§ **MATERIAL SHOWN**
--------------------------------------------------

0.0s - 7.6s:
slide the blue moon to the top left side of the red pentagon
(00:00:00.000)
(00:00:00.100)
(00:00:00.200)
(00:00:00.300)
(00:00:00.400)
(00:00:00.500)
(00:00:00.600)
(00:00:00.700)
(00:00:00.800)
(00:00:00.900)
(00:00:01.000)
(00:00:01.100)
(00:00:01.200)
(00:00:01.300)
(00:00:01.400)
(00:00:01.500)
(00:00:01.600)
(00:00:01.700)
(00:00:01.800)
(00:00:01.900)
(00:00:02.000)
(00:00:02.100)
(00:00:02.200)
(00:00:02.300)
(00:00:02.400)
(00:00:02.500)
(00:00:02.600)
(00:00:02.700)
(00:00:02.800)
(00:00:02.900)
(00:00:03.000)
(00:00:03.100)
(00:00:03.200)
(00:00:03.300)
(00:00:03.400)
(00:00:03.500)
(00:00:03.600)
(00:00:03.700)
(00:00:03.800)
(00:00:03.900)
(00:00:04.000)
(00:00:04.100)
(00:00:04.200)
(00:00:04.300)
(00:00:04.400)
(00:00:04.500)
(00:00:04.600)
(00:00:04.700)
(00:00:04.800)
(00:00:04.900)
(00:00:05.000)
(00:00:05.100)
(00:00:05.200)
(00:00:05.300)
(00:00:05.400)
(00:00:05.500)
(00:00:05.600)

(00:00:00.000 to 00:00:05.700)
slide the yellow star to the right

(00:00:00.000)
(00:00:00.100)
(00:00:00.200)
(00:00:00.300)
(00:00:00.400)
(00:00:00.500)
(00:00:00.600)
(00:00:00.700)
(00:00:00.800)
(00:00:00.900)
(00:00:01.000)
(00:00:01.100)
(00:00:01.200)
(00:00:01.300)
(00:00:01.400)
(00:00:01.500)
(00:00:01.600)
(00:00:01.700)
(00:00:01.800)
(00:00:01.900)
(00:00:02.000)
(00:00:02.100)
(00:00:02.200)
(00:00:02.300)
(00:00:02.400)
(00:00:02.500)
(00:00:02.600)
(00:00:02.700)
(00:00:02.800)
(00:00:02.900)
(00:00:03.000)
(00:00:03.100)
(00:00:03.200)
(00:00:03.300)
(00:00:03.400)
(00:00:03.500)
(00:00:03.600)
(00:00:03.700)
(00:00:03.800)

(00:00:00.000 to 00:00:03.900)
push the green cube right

--------------------------------------------------

§ **AIM OF THE EXERCISE**
Retype all the data, changing nothing.

§ **OUTPUT FOR THIS EXERCISE**
0.0s - 7.6s:
slide the blue moon to the top left side of the red pentagon
(00:00:00.000)
(00:00:00.100)
(00:00:00.200)
(00:00:00.300)
(00:00:00.400)
(00:00:00.500)
(00:00:00.600)
(00:00:00.700)
(00:00:00.800)
(00:00:00.900)
(00:00:01.000)
(00:00:01.100)
(00:00:01.200)
(00:00:01.300)
(00:00:01.400)
(00:00:01.500)
(00:00:01.600)
(00:00:01.700)
(00:00:01.800)
(00:00:01.900)
(00:00:02.000)
(00:00:02.100)
(00:00:02.200)
(00:00:02.300)
(00:00:02.400)
(00:00:02.500)
(00:00:02.600)
(00:00:02.700)
(00:00:02.800)
(00:00:02.900)
(00:00:03.000)
(00:00:03.100)
(00:00:03.200)
(00:00:03.300)
(00:00:03.400)
(00:00:03.500)
(00:00:03.600)
(00:00:03.700)
(00:00:03.800)
(00:00:03.900)
(00:00:04.000)
(00:00:04.100)
(00:00:04.200)
(00:00:04.300)
(00:00:04.400)
(00:00:04.500)
(00:00:04.600)
(00:00:04.700)
(00:00:04.800)
(00:00:04.900)
(00:00:05.000)
(00:00:05.100)
(00:00:05.200)
(00:00:05.300)
(00:00:05.400)
(00:00:05.500)
(00:00:05.600)

(00:00:00.000 to 00:00:05.700)
slide the yellow star to the right

(00:00:00.000)
(00:00:00.100)
(00:00:00.200)
(00:00:00.300)
(00:00:00.400)
(00:00:00.500)
(00:00:00.600)
(00:00:00.700)
(00:00:00.800)
(00:00:00.900)
(00:00:01.000)
(00:00:01.100)
(00:00:01.200)
(00:00:01.300)
(00:00:01.400)
(00:00:01.500)
(00:00:01.600)
(00:00:01.700)
(00:00:01.800)
(00:00:01.900)
(00:00:02.000)
(00:00:02.100)
(00:00:02.200)
(00:00:02.300)
(00:00:02.400)
(00:00:02.500)
(00:00:02.600)
(00:00:02.700)
(00:00:02.800)
(00:00:02.900)
(00:00:03.000)
(00:00:03.100)
(00:00:03.200)
(00:00:03.300)
(00:00:03.400)
(00:00:03.500)
(00:00:03.600)
(00:00:03.700)
(00:00:03.800)

(00:00:00.000 to 00:00:03.900)
push the green cube right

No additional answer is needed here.